After the transformations, I am ready to do some exploratory analysis to determine the most frequent unigrams, bigrams, and trigrams (sets of 1, 2, and 3 words that occur together).

Let’s first look and the list of characters in the corpus and a small sample of text from one of the documents to get a feel for how it looks.

rm(corp) # Reload the corpus from the new file to ensure changes are set
corp <- VCorpus(DirSource("data/corp/small"))
print(myChars(corp), quote = F); print(strwrap(corp[[2]]$content[c(4,6)]), quote=F)

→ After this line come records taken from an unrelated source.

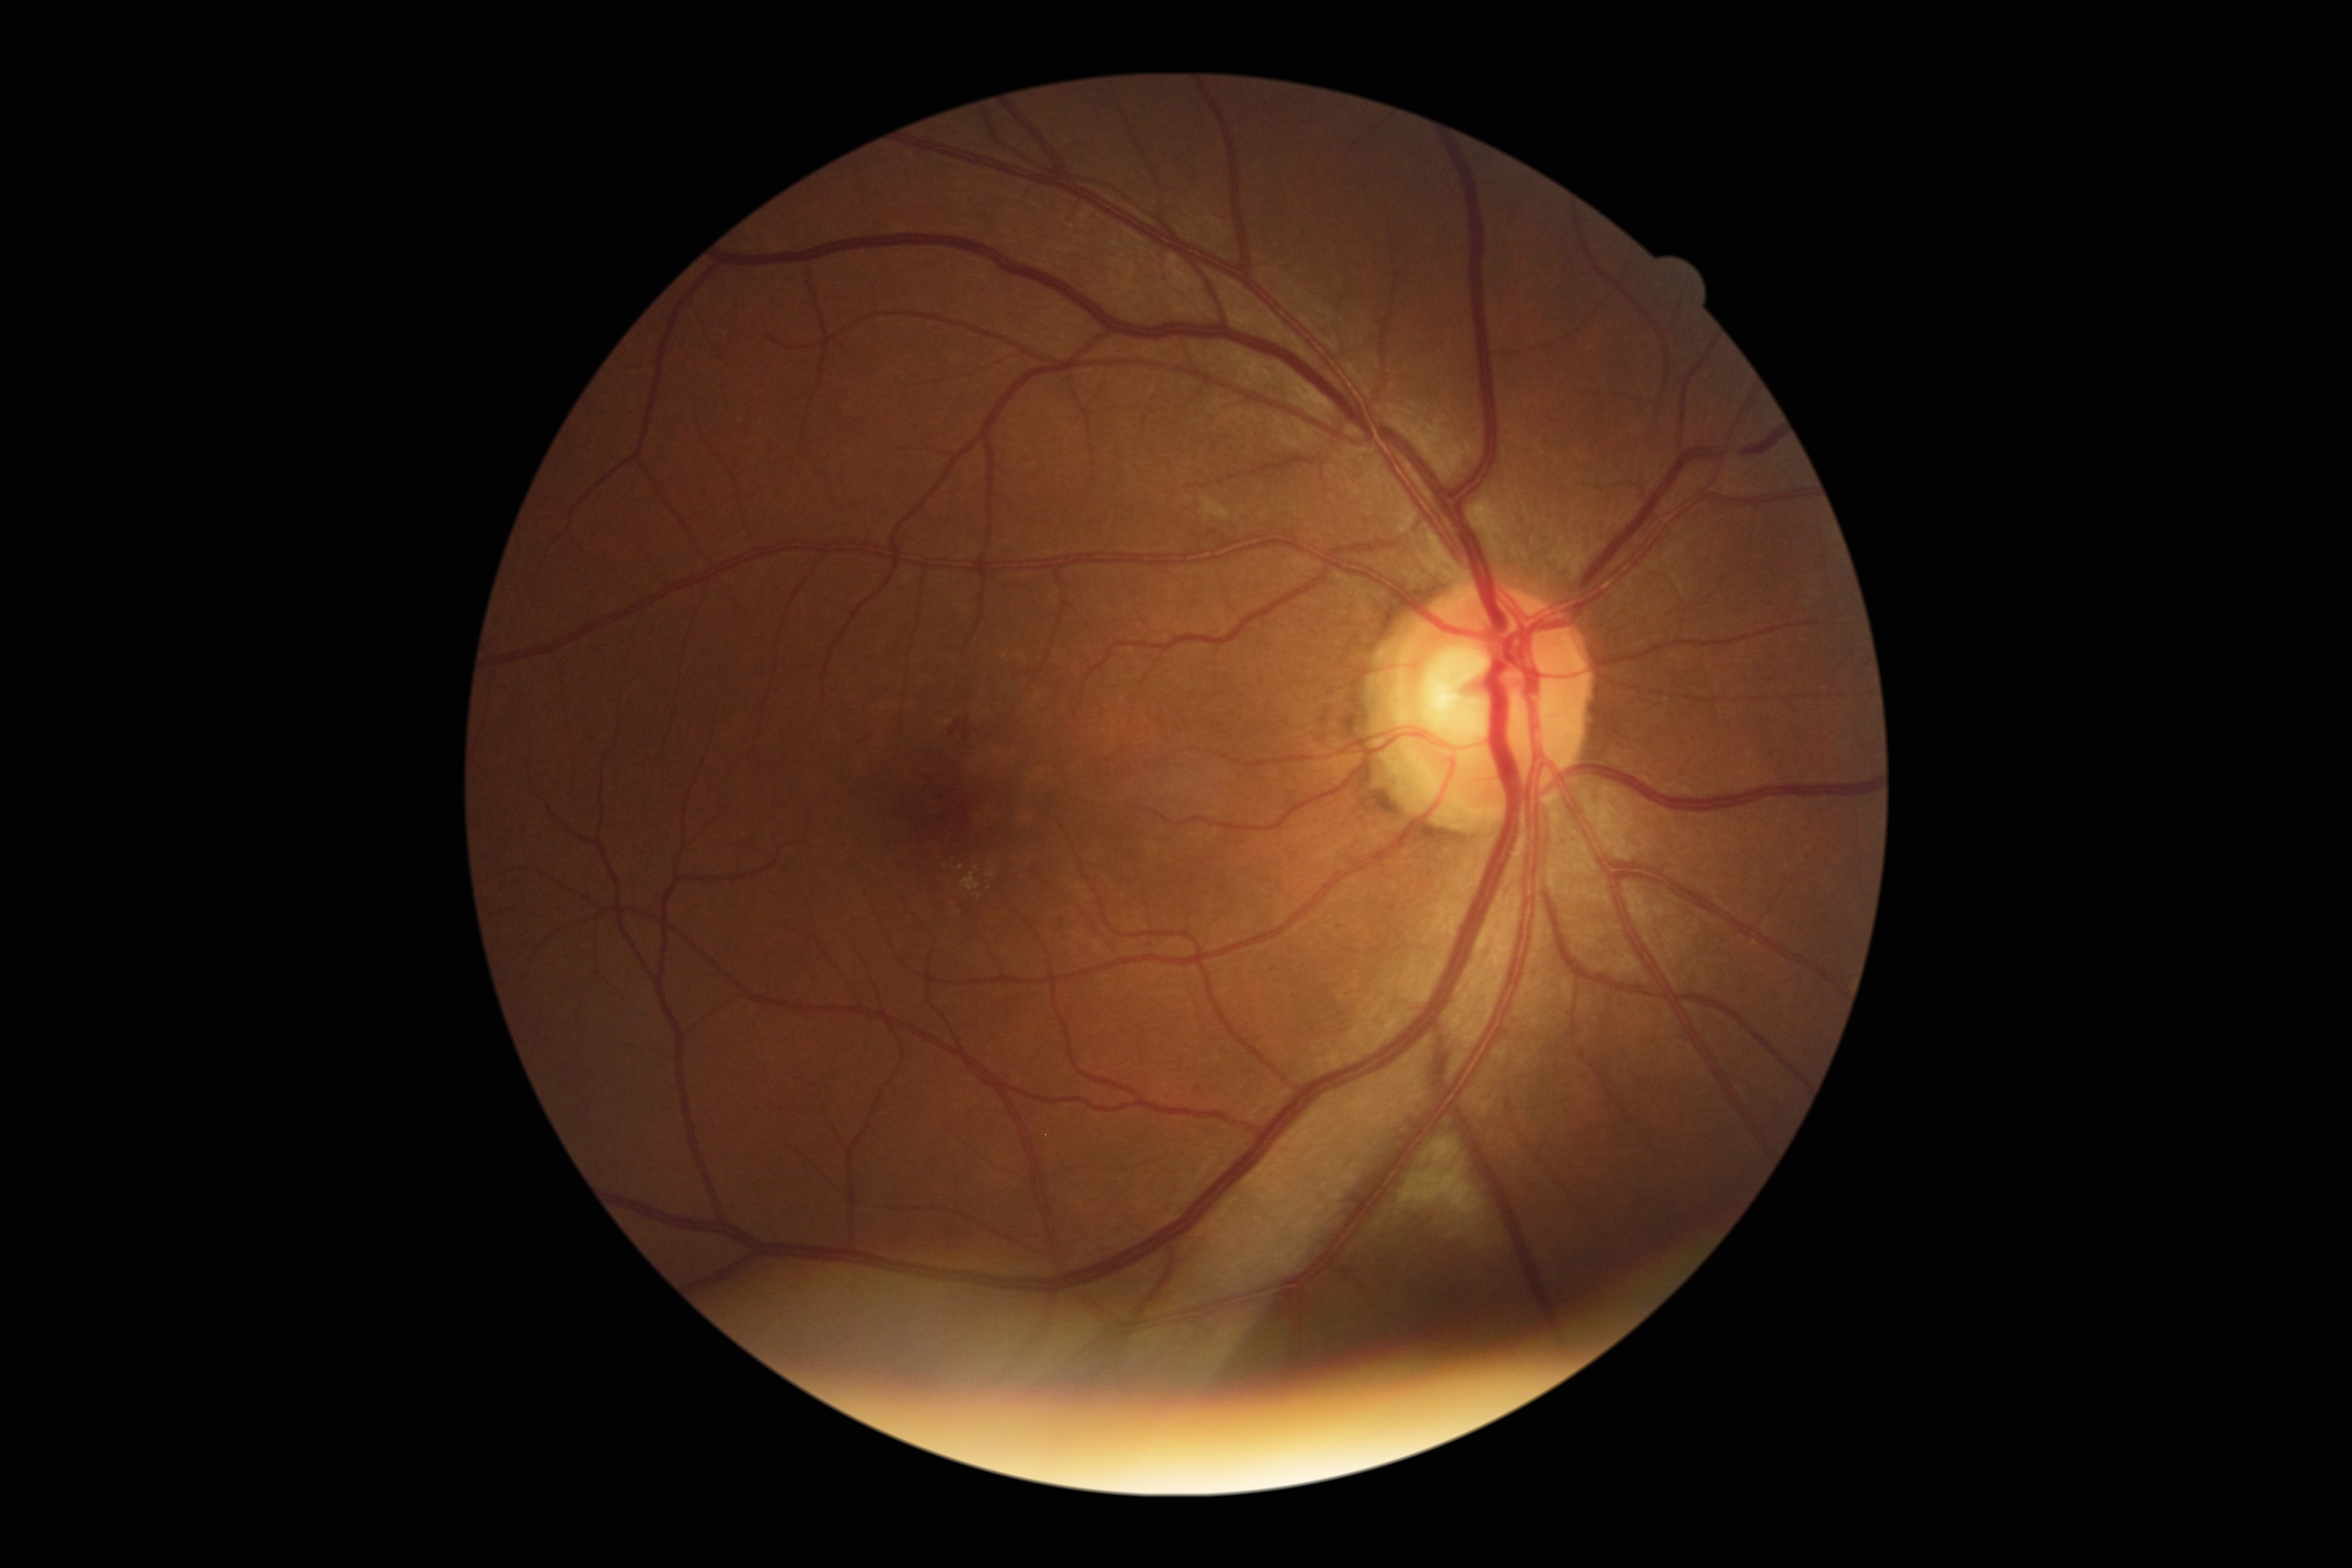
DR severity is grade 2.
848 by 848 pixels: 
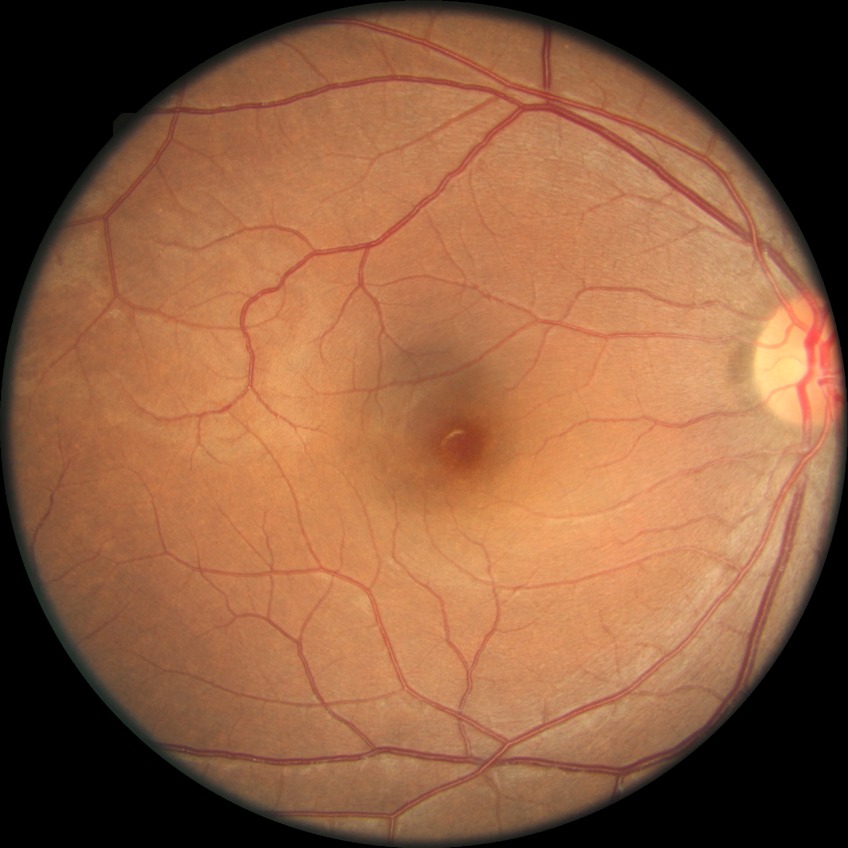 * diabetic retinopathy (DR) — no diabetic retinopathy (NDR)
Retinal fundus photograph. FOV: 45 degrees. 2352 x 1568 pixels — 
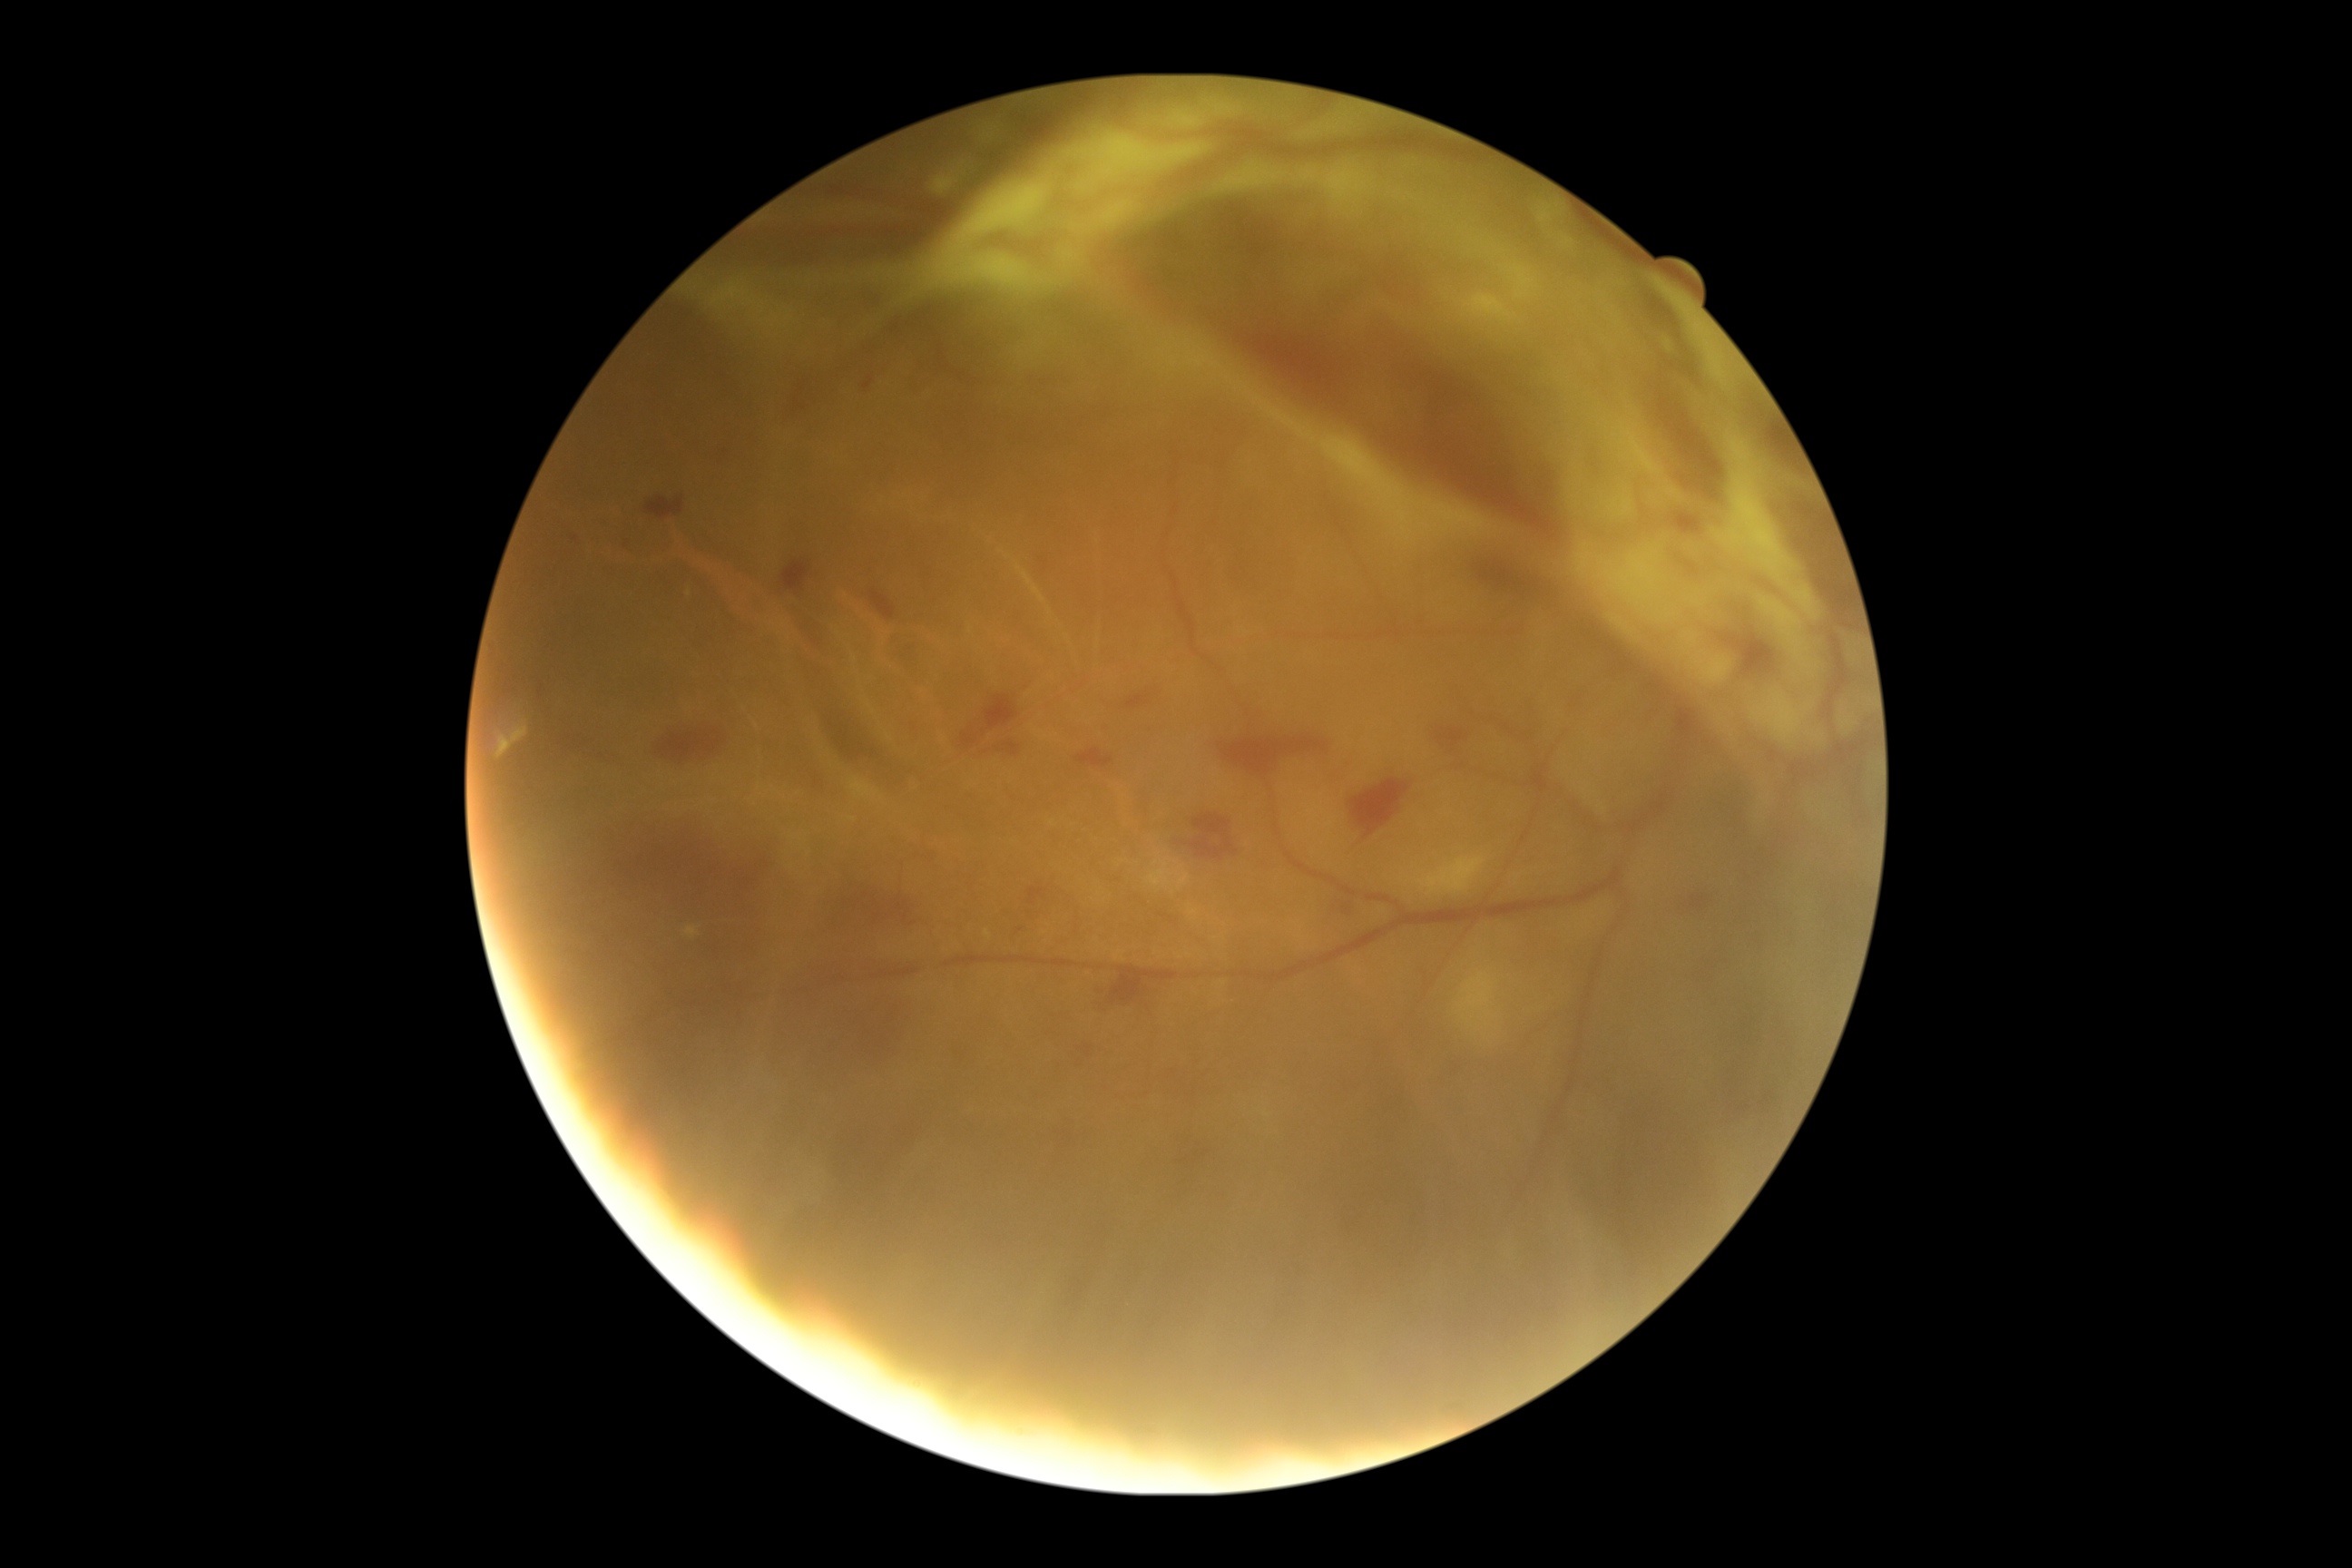
{
  "dr_grade": "proliferative diabetic retinopathy (4)",
  "dr_category": "proliferative diabetic retinopathy"
}

##  [1] '   < > a b c d e E f g h i j k l m n o O p q r s S t u U v w x y z

## [1] the storm prediction center has placed chicago in a severe weather
## [2] risk area wednesday and wednesday night and again thursday and    
## [3] thursday night <EOS> this indicates thunderstorms may at times    
## [4] grow severe <EOS>                                                 
## [5] vascular technologist lauren sherrill presses a hand held         
## [6] ultrasound device which looks like a sturdy silver pen on the top 
## [7] of his foot near his big toe <EOS> the ultrasound called a doppler
## [8] produces a static sound <EOS> then theres the thumping of         
## [9] granthams pulse <EOS>

As you can see, the text has far fewer characters than the original document and only apostrophes for punctuation. This will make it so that all instances of the same word are matched regardless of accent marks and capitalization.

Frequency of Terms

At this point, I realized the limitations of my computer’s ability to create document-term matrices using the tm package’s DocumentTermMatrix() function. Luckily I found the quanteda package, which performs many of the same functions as tm, but much faster, as much of its backend code is done in C++. (More on this in the Next Steps section below)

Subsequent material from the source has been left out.